A crise gerada pela pandemia aparentemente influenciou a venda do Newcastle. As necessidades financeiras se tornaram maiores a Mike Ashley e o odiado dono dos Magpies resolveu aceitar a proposta que tinha em mãos pelo clube, mesmo abaixo de suas pedidas iniciais. Os documentos sobre o negócio foram apresentados nesta semana e passarão pela avaliação da Premier League durante o próximo mês. Ashley receberá £310 milhões pela transação, em acerto encabeçado pela empresária britânica Amanda Staveley.

Com boas relações no Oriente Médio, Staveley anteriormente participou das conversas do Xeique Mansour para adquirir o Manchester City e também fez parte de uma proposta pelo Liverpool que não se concretizou. Desta vez, ela também não está sozinha. Através de sua companhia, a PCP Capital Partners, sediada em Dubai, a empresária deve adquirir 10% do Newcastle. Outros 10% irão aos Reuben Brothers, donos de uma das maiores fortunas do Reino Unido, ligados sobretudo à gestão de bens e propriedades. Já a maior indagação fica aos 80% restantes, bancados pelo fundo de investimento público do governo da Arábia Saudita.

Não será surpresa se o Newcastle se transformar em um meio de diplomacia do governo saudita, assim como ocorre com o Manchester City e com o Paris Saint-Germain. E há uma preocupação sobre o histórico de violação dos direitos humanos da Arábia Saudita. Oficialmente, a participação dos sauditas não é citada nos documentos apresentados nesta semana. De qualquer maneira, a Anistia Internacional (uma das principais organizações internacionais em defesa dos direitos humanos) manifestou seus questionamentos à transação.
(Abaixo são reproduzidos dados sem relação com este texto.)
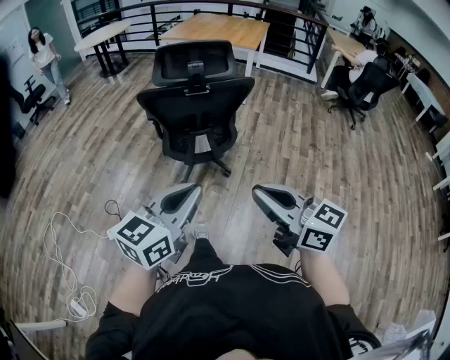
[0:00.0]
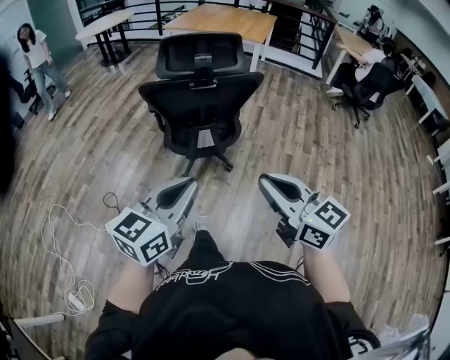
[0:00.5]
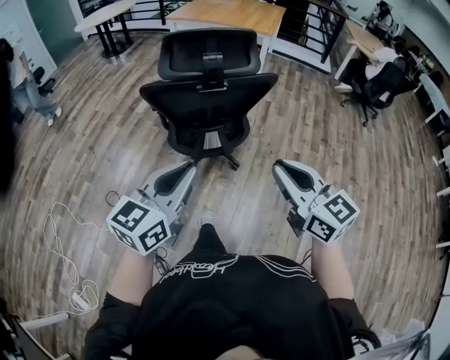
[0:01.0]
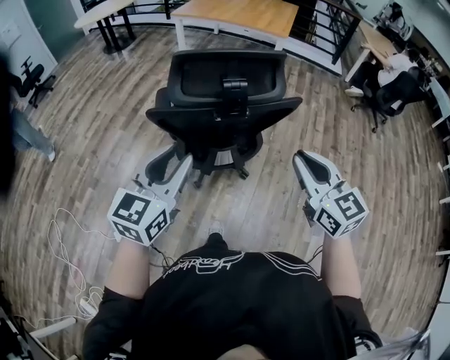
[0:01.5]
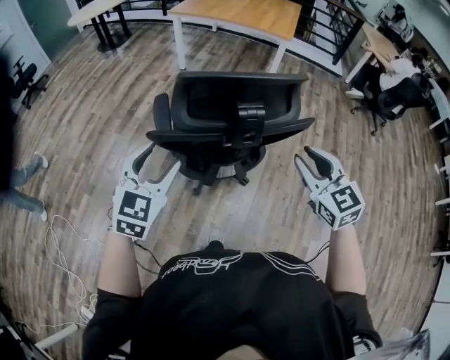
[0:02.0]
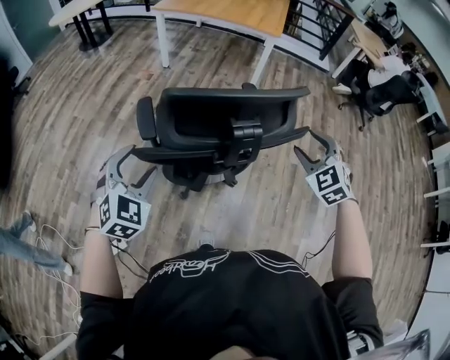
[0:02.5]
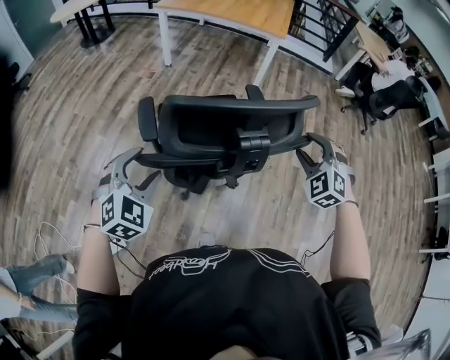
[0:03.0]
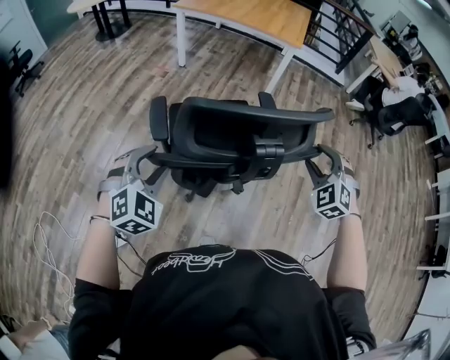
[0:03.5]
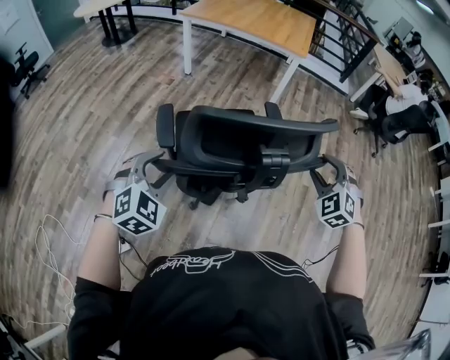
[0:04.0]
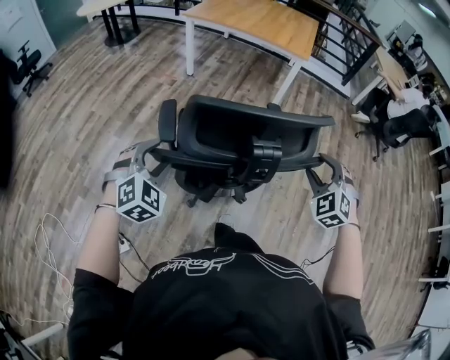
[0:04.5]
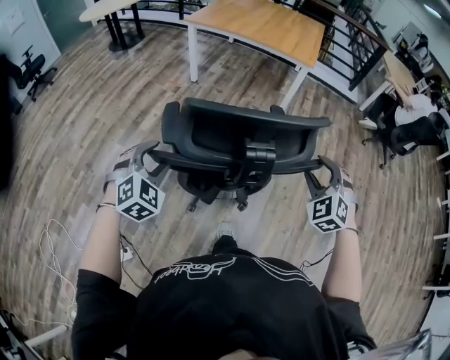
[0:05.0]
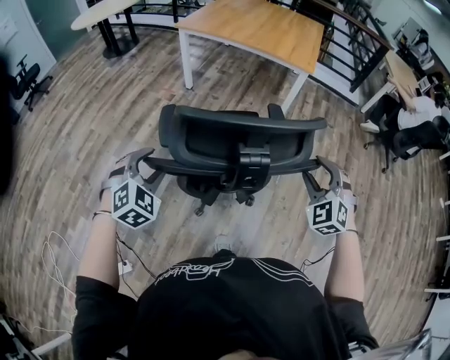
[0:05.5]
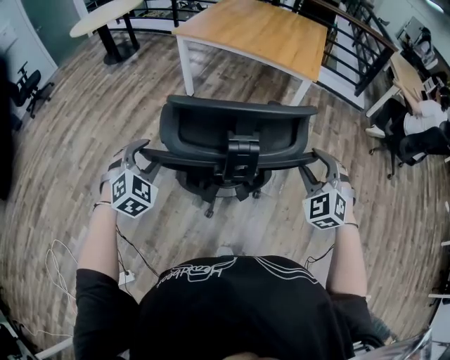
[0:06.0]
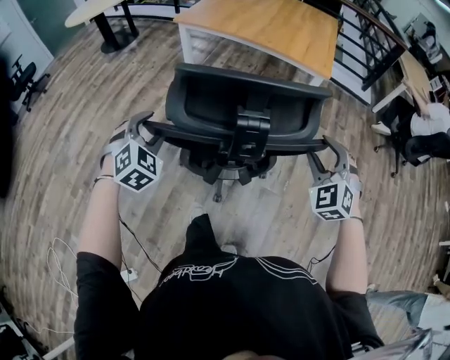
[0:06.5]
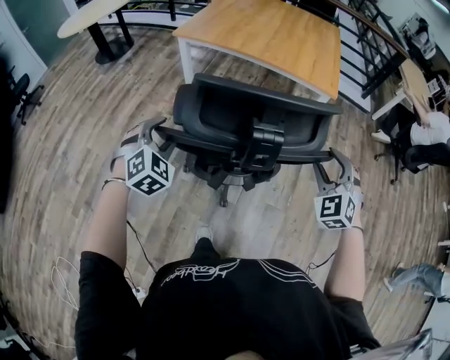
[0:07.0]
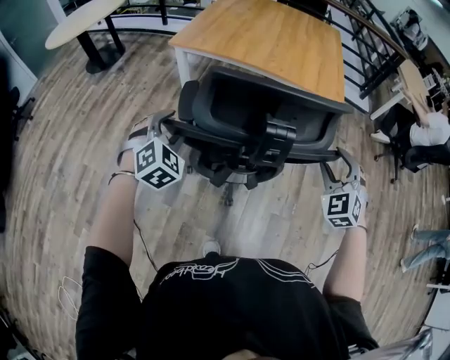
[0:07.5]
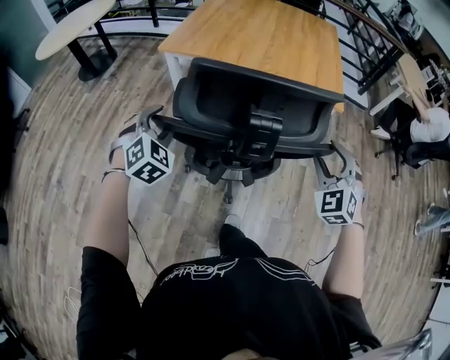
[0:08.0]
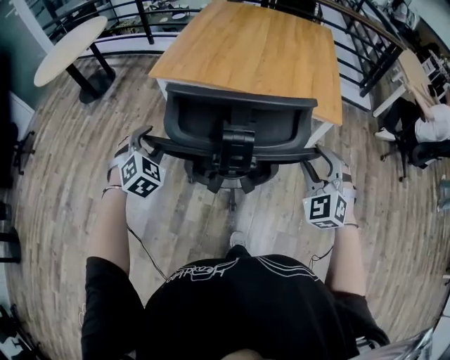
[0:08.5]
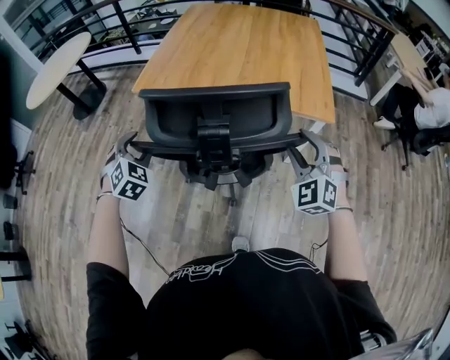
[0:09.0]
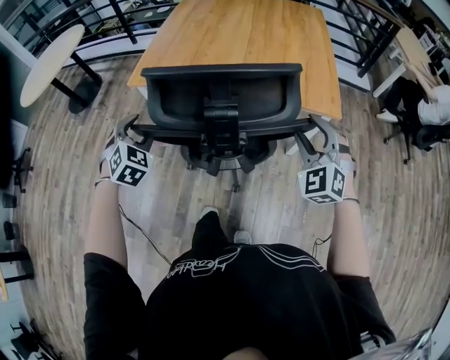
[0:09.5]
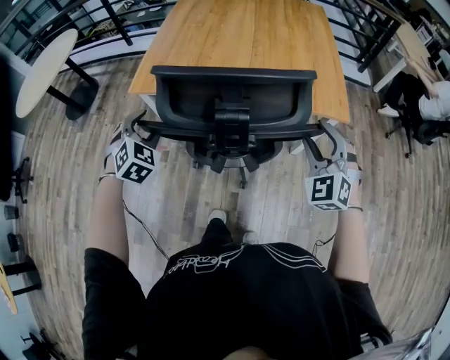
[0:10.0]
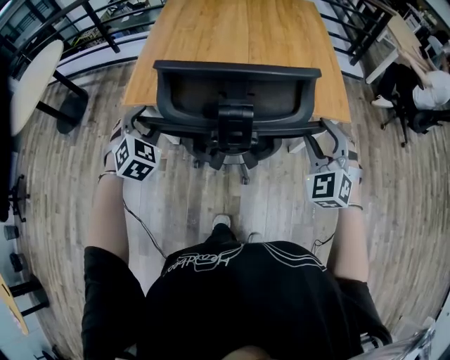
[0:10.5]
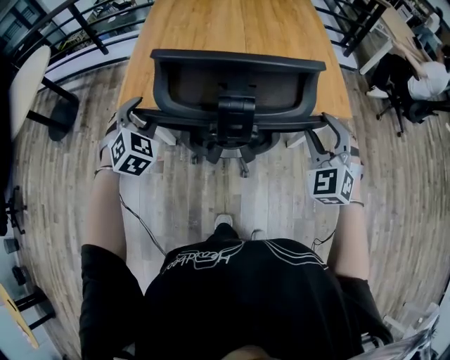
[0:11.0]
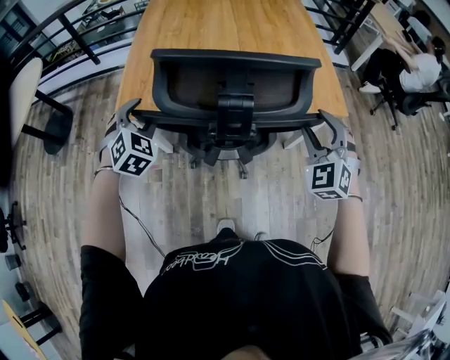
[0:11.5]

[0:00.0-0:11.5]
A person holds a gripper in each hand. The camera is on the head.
0:00.0 to 0:02.0: The left gripper travels forward and to the left by roughly 40 cm, turns by about 40 degrees, and opens up, while the right gripper heads forward, covering approximately 40 cm, and rotates approximately 40 degrees.
0:02.0 to 0:04.0: The right gripper travels forward and downward by approximately 15 cm, swivels approximately 50 degrees, and opens. The left gripper goes some 10 cm downward and forward, and rotates roughly 30 degrees.
0:04.0 to 0:06.0: The two grippers go approximately 25 cm forward.
0:06.0 to 0:07.5: The right gripper goes approximately 30 cm forward and to the left, while the left gripper goes roughly 40 cm forward.
0:07.5 to 0:09.5: Both grippers move forward, approximately 25 cm.
0:09.5 to 0:11.5: The left gripper is displaced forward by some 20 cm. The right gripper shifts about 10 cm forward and to the left.

“Ainda precisamos ver essa transação por aquilo que é: a Arábia Saudita tentando usar o glamour e o prestígio da Premier League como uma ferramenta de relações públicas, para distrair os registros abismais de direitos humanos no país. Com o mundo em crise, há um risco de que este acordo prossiga sem o grau de escrutínio que deveria receber”, declarou Felix Jakens, líder da Anistia Internacional no Reino Unido.
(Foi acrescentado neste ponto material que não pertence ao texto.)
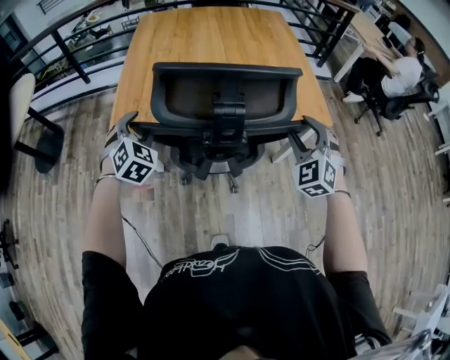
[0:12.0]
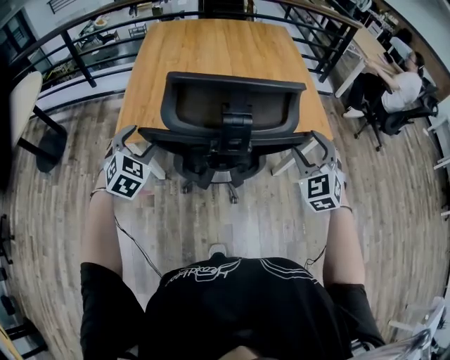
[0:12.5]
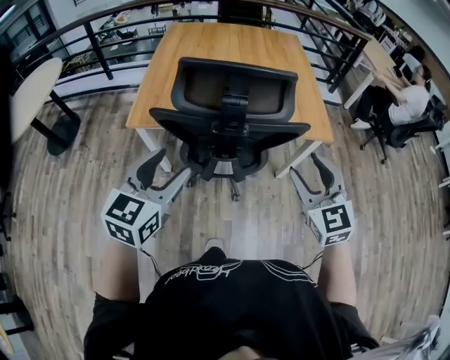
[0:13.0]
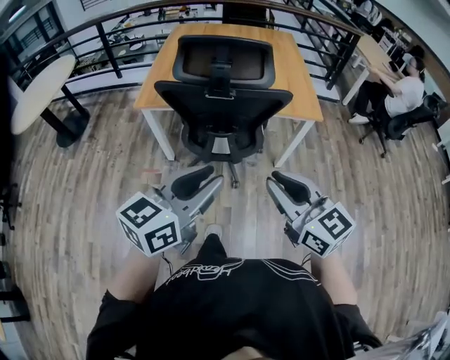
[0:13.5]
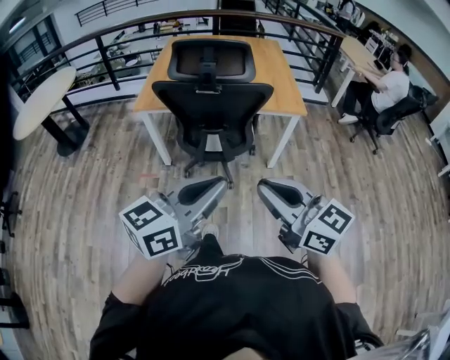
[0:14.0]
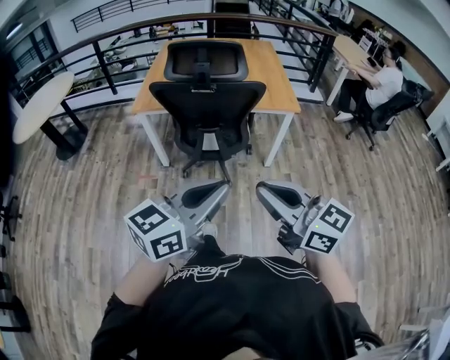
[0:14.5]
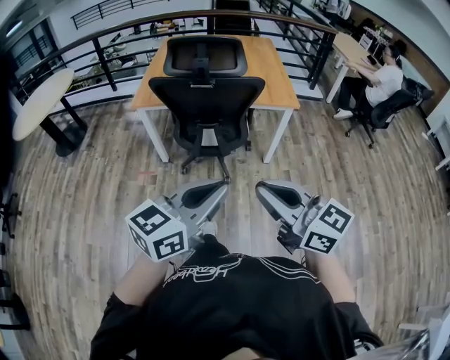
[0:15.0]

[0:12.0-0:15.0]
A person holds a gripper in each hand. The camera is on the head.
0:12.0 to 0:13.5: The left gripper travels backward, to the right and upward by some 50 cm, angles its fingers upward, by some 30 degrees, and closes up; the right gripper goes some 35 cm backward, changes its angle by about 70 degrees, and closes its fingers.
0:13.5 to 0:15.0: The right gripper travels backward by approximately 15 cm. The left gripper travels backward and to the right by about 15 cm, and closes up.

“Sob o regime de Mohammad bin Salman, os defensores dos direitos humanos sauditas foram submetidos a uma repressão brutal, com inúmeros ativistas presos – incluindo Loujain al-Hathloul e outros corajosos defensores de direitos da mulher. Houve uma flagrante ocultação sobre o terrível assassinato de Jamal Khashoggi [jornalista do Washington Post visto como dissidente, morto no consulado saudita em Istambul] e a coalização militar liderada pela Arábia Saudita no Iêmen tem um histórico vergonhoso de lançar ataques indiscriminados a casas e hospitais”, complementa Jakens.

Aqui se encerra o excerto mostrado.